Harry tensed in case they were coming to try and take down him and Theo, but Theo put a hand on Harry's shoulder and shook his head. Harry took a deep breath and did his best to relax.
And, in fact, the Hit Wizards walked smartly to the back of the courtroom and heaved a man even taller and heavier than Flint to his feet, marching him out of the room. Harry relaxed a little more and looked at Madam Selwyn again.
"Yes," Madam Selwyn said at last. "I agree that this is unexplored, and Mr. Flint will swear an oath that he will not seek to prosecute you for what happens when you set him free from his troll heritage and not to have his family do so, either."
"If he's alive to make that decision."
Harry wished Theo wouldn't say things that were meant to make him laugh right in the middle of a solemn courtroom session. He had to settle for digging his elbow into Theo's side again and saying simply, "An oath would satisfy me."
He turned to look at Flint, who scowled at him and said, "I don't want to die, and I don't to be a Squib, and I don't want to be a troll."
"It's going to be one of the three. Pick."
Flint just sneered at him and said, "I'll swear the bloody oath."
"Keep a civil tongue in your head, Mr. Flint."
Flint scowled at Madam Selwyn, but he took out his wand and followed Madam Selwyn through the wording of an oath that would keep Harry safe from legal harm by the Flint family, whatever happened. Harry listened carefully, but all the wording seemed fine to him. And more to the point, Theo was standing relaxed at his side. He would have got upset if he had thought something was wrong.
When the oath was done, Harry faced Flint and took a long breath. Then he began to pull on his magic.
He had the sensation that he wouldn't have been able to concentrate on just one part of the network before, when he wasn't Sidhe. But now the delicate, dancing nature of the web spread before him, blowing back and forth, and it was so easy to reach out and pluck Flint's thread from it that Harry did it without thought.
There was a long, agonized scream that shuddered through the web. Harry was surprised to open his eyes and find it echoing in his ears, too, but not surprised that Theo's hands had clamped down on his shoulders hard enough to draw blood.
He was only mildly astonished to notice the wounds knitting closed the minute they appeared, and that his blood had a sparkling golden tinge to it.
He glanced up. Flint was swaying back and forth behind the podium where he'd stood, and then he crashed to the ground. Harry narrowed his eyes, and Flint's left sleeve moved up a bit. The Dark Mark was gone from his arm.
He was a Squib, then. Harry nodded. Well, that was the fate he had chosen.
"Healer?"
Harry started a little. He hadn't even realized a woman in a Healer's green robes stood near the front of the room. He frowned. He would have to be more careful and observant.

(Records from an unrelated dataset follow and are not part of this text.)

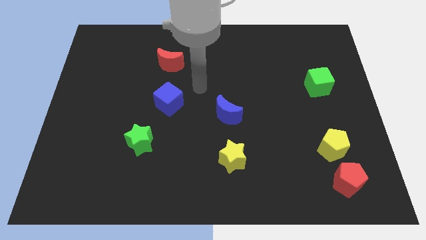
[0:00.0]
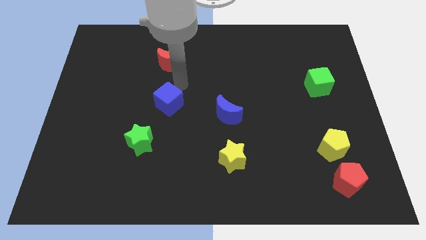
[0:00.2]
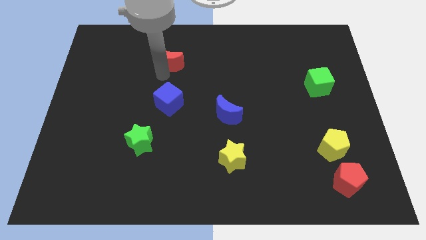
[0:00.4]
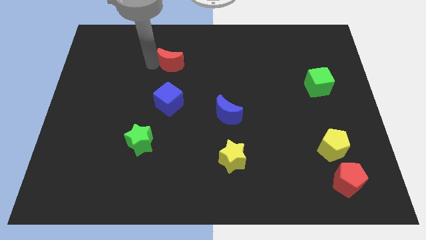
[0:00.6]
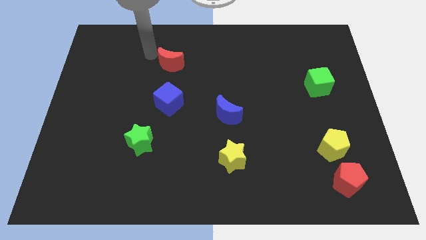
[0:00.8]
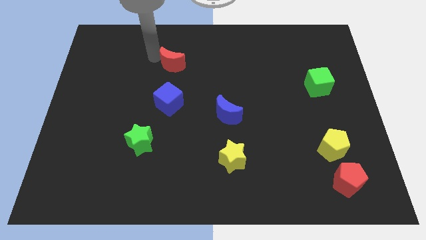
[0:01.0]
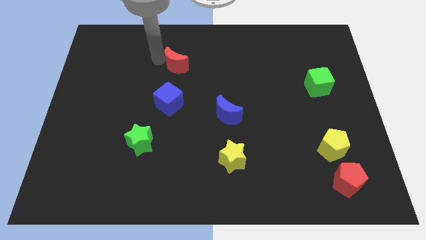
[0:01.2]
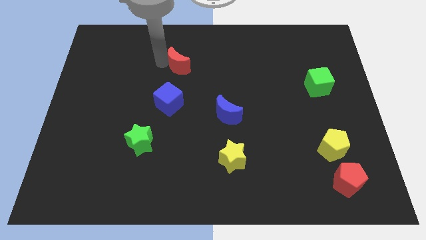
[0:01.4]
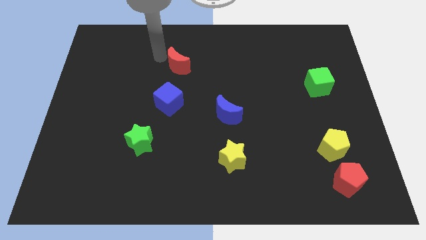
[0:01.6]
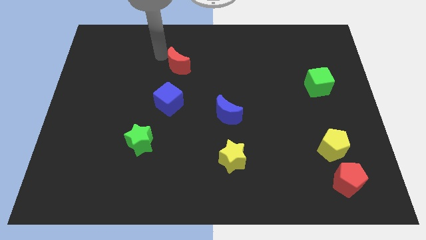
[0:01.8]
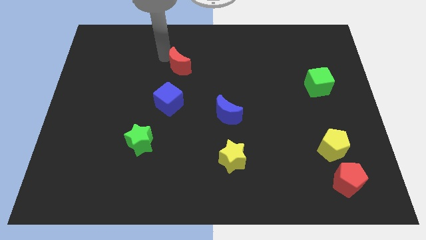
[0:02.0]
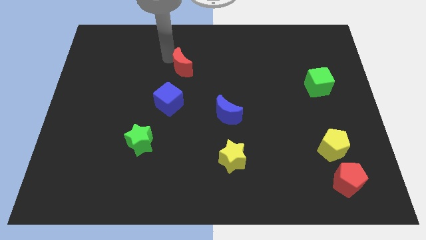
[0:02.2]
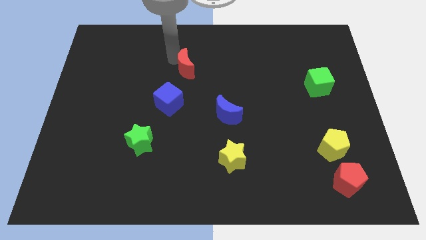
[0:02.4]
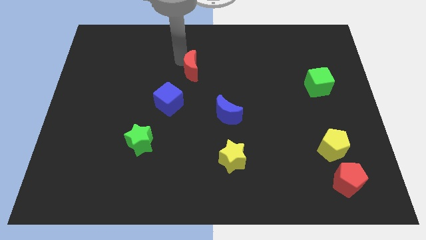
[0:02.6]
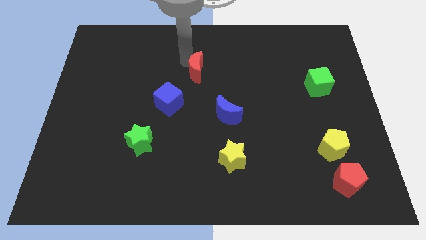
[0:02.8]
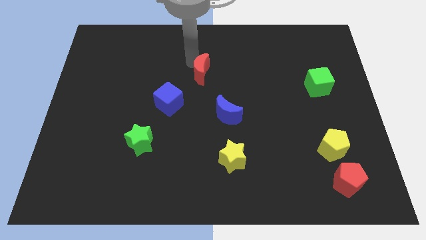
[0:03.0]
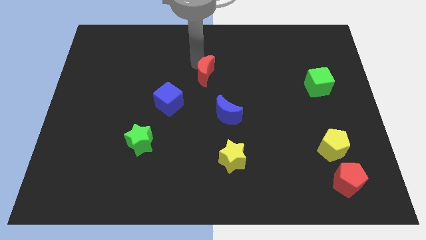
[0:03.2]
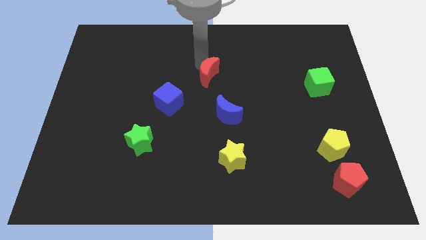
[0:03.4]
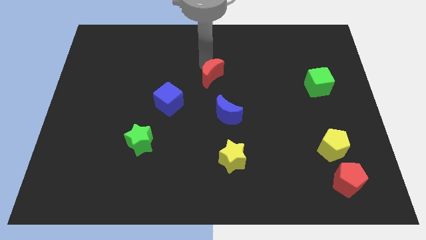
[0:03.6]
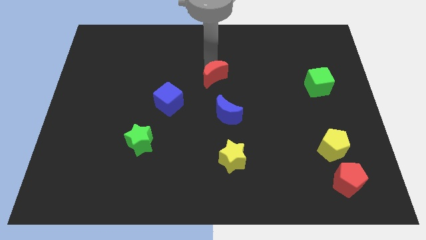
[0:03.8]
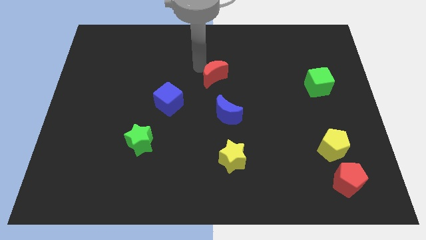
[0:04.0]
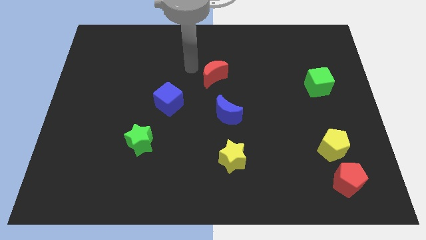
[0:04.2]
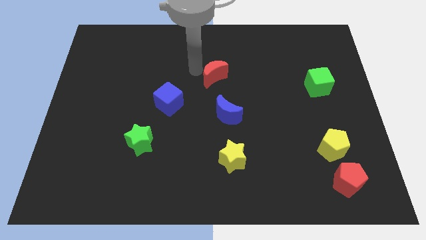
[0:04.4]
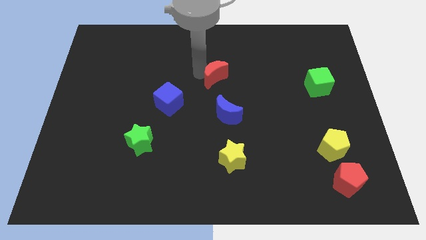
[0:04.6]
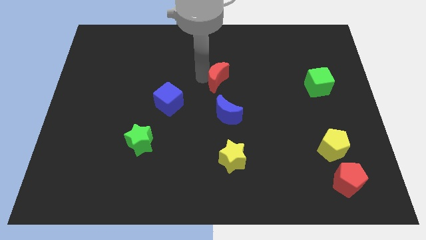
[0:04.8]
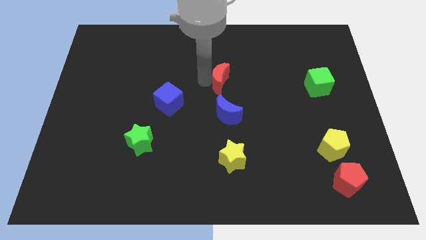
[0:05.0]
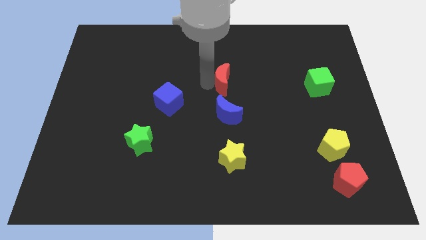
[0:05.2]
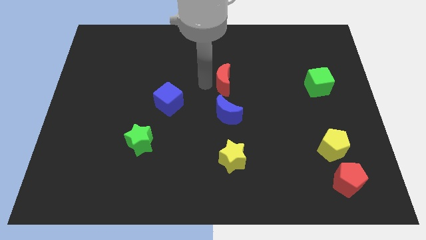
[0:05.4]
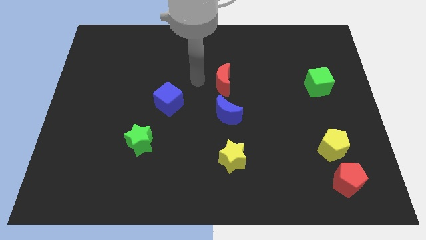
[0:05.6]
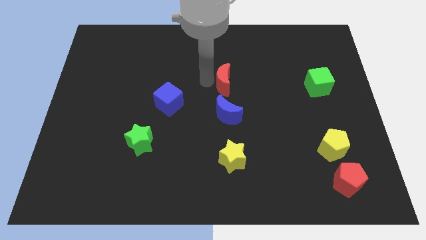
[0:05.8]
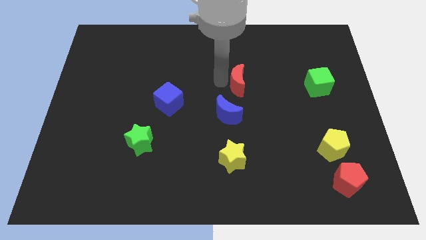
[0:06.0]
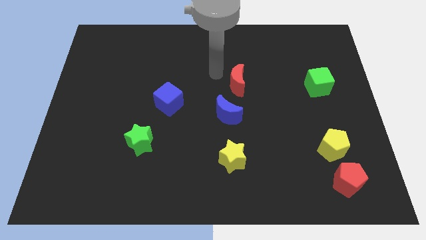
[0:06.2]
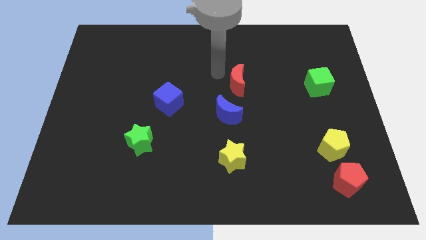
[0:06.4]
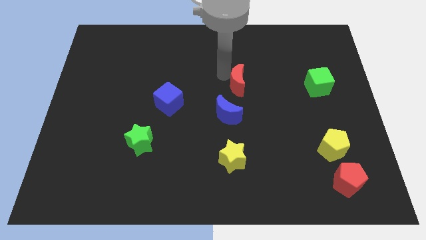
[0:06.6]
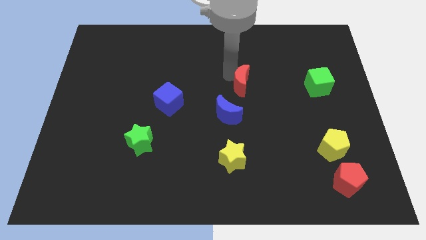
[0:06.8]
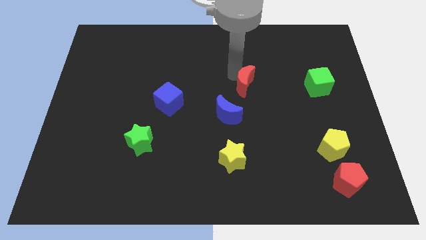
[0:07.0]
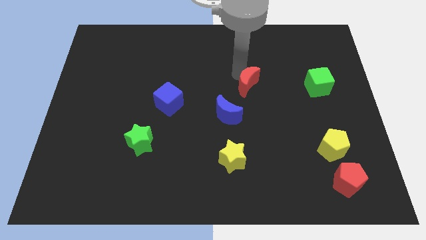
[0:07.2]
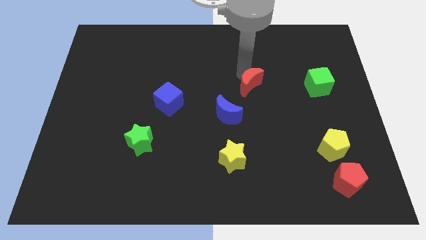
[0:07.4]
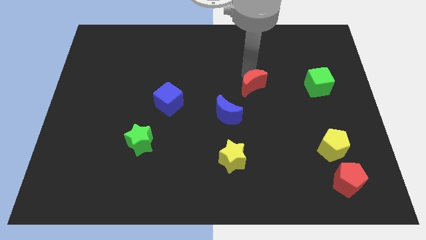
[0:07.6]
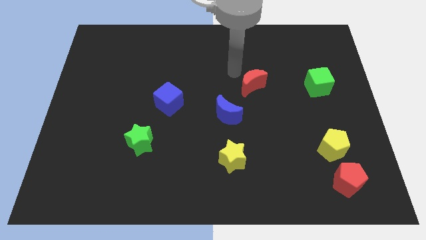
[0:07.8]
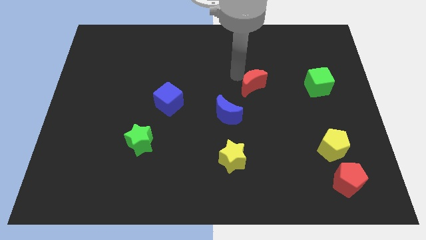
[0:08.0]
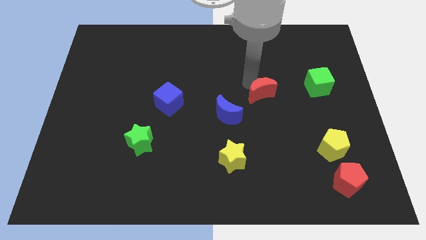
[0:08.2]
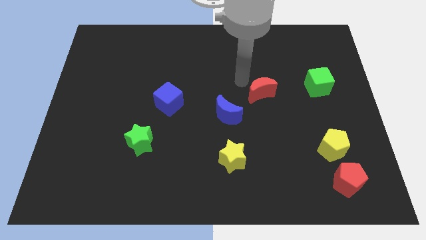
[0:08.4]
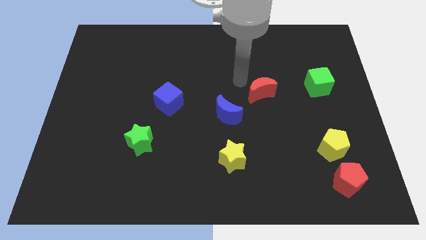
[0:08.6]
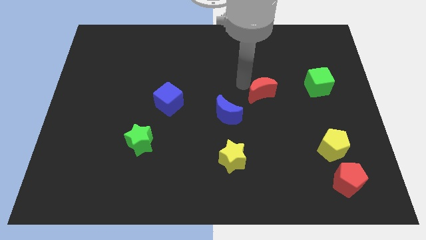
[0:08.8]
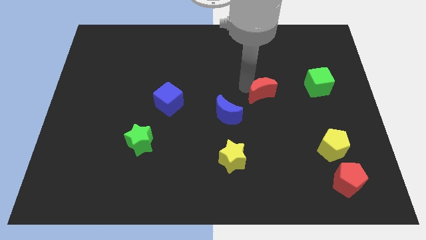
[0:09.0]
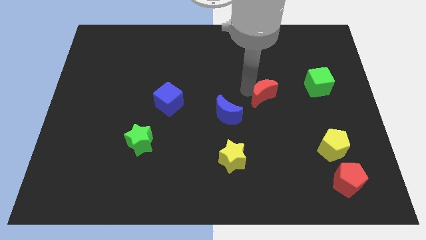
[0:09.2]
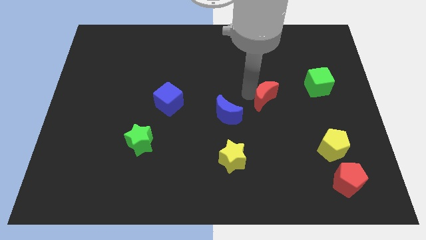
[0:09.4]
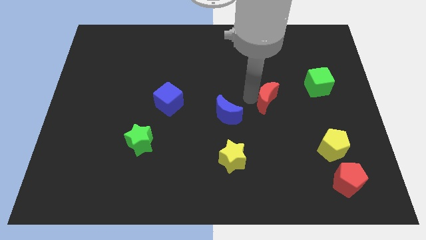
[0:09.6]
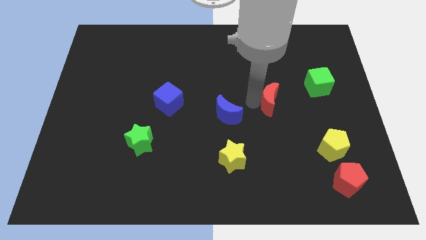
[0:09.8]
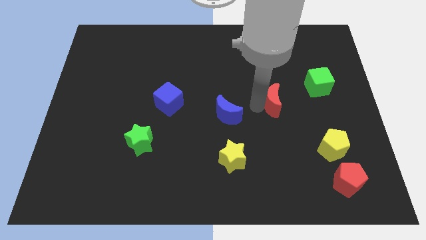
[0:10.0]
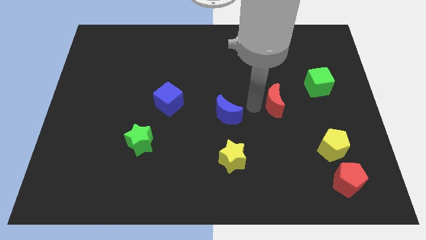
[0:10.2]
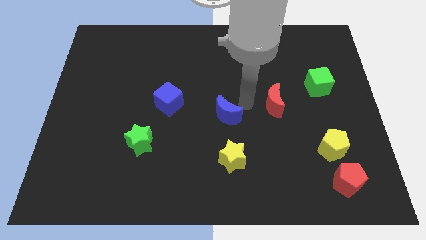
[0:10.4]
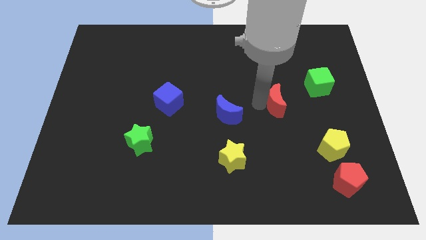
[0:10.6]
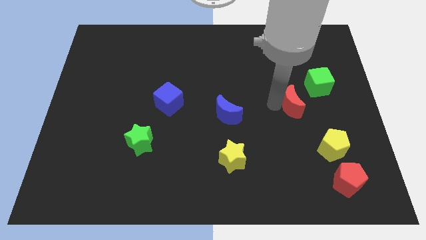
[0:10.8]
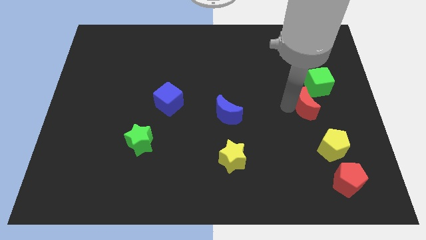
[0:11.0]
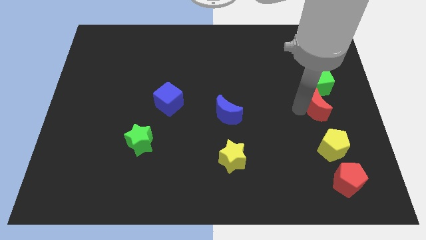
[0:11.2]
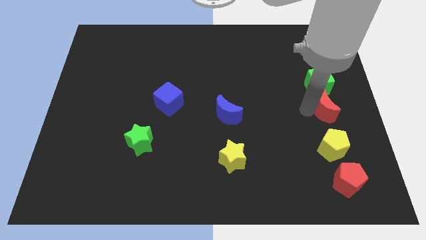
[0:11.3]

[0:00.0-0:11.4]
push the red moon to the right side

And that's probably the Sidhe predator in me speaking.
The Healer cast a diagnostic charm, wand and hand moving so fast that Harry thought vaguely he wouldn't want to duel her. Then she bowed her head. "Mr. Flint is now a Squib," she said.
As the Wizengamot roared insults and accusations, Harry found himself turning to Theo. Without his focus split between Theo and Flint, it was more than obvious how little he had in common with anyone else in the room. Theo was his only kin here now.
Theo gave him a quiet, reassuring smile, even with the edges of his fangs showing. "I suppose now we know which theory is correct."
Harry smiled, because he thought the humans would probably take it the wrong way if he laughed, and reached up to trail his fingers along Theo's face. Theo went still at once, wide eyes still on him.
Harry forgot about what the humans would care about, and leaned up to kiss him.
He had to keep some considerations in place, but the part of him that had cared so much about people who would only ever demand more from him was still burned to ash.
Even if it hadn't been, it would have burned in the dazzling fire in Theo's eyes.